[DATASET EXTRACT]:
▽

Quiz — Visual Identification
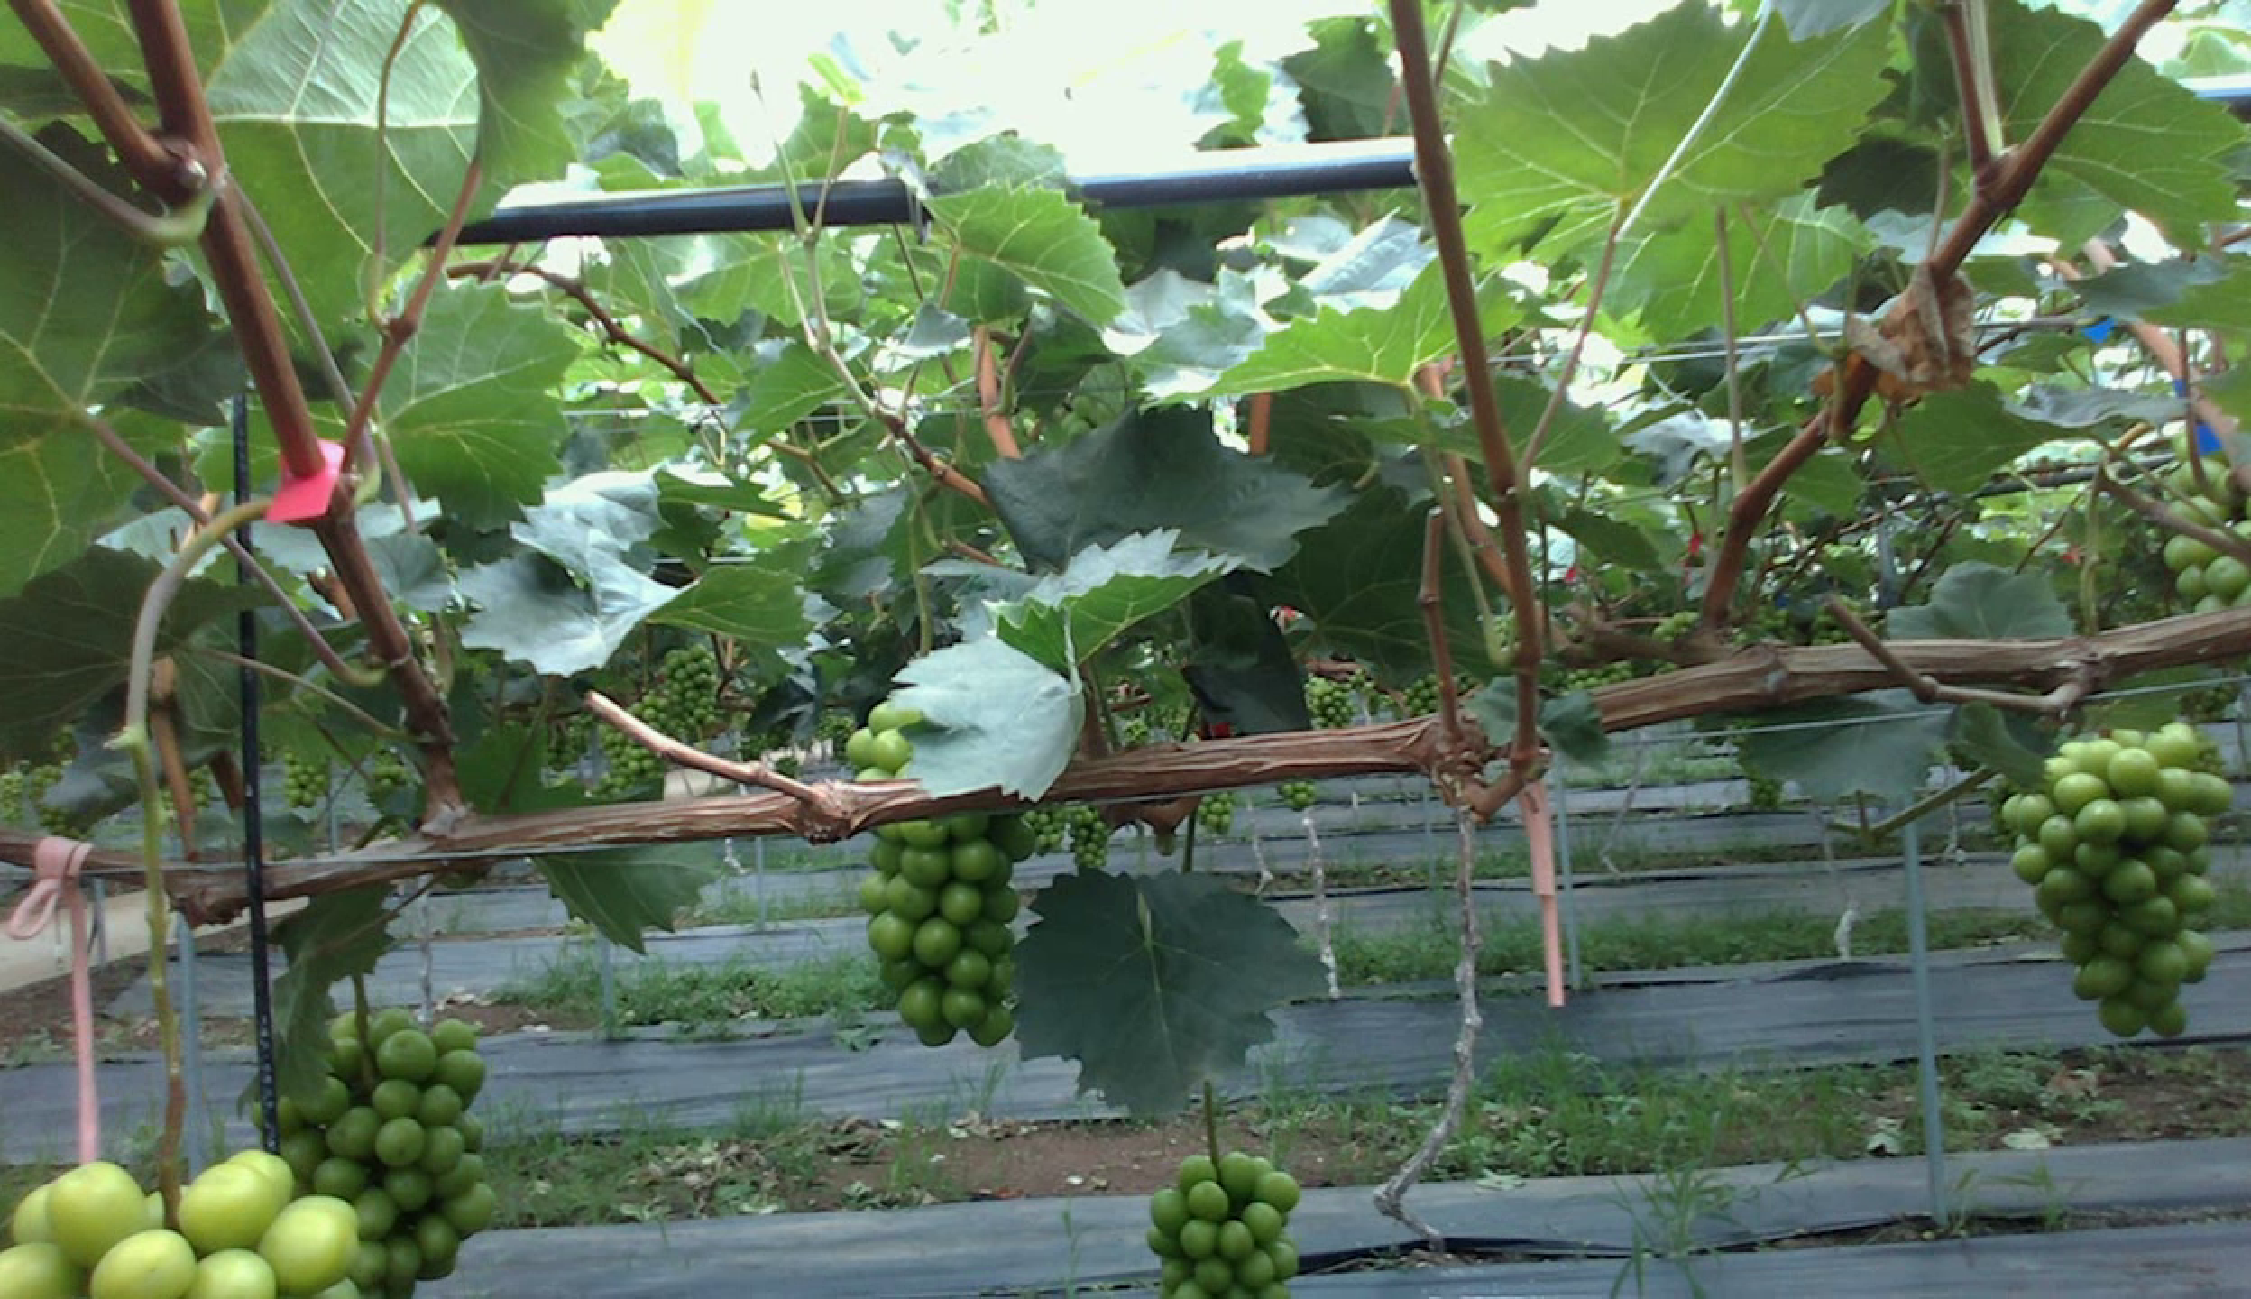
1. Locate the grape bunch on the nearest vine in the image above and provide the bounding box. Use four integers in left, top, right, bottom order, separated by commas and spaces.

△
▽

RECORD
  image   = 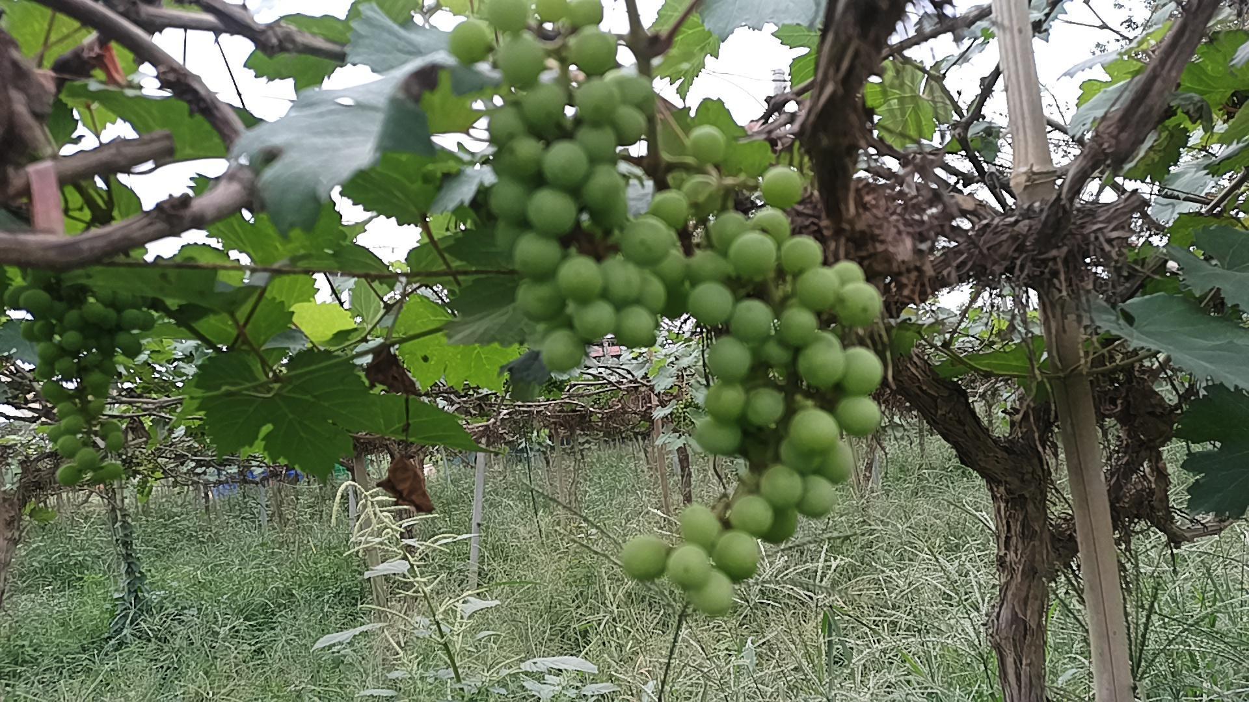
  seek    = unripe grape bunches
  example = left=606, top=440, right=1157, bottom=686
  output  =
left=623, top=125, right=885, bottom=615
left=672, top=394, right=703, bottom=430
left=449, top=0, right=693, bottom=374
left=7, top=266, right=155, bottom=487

△

Pictures excluded, give again exactly and only the lines of the material above from the line with "Quiz — Visual Identification" through the line with "1. Locate the".

[FINISHED TASK]:
Quiz — Visual Identification
1. Locate the grape bunch on the nearest vine in the image above and provide the bounding box. Use four integers in left, top, right, bottom order, separated by commas and spaces.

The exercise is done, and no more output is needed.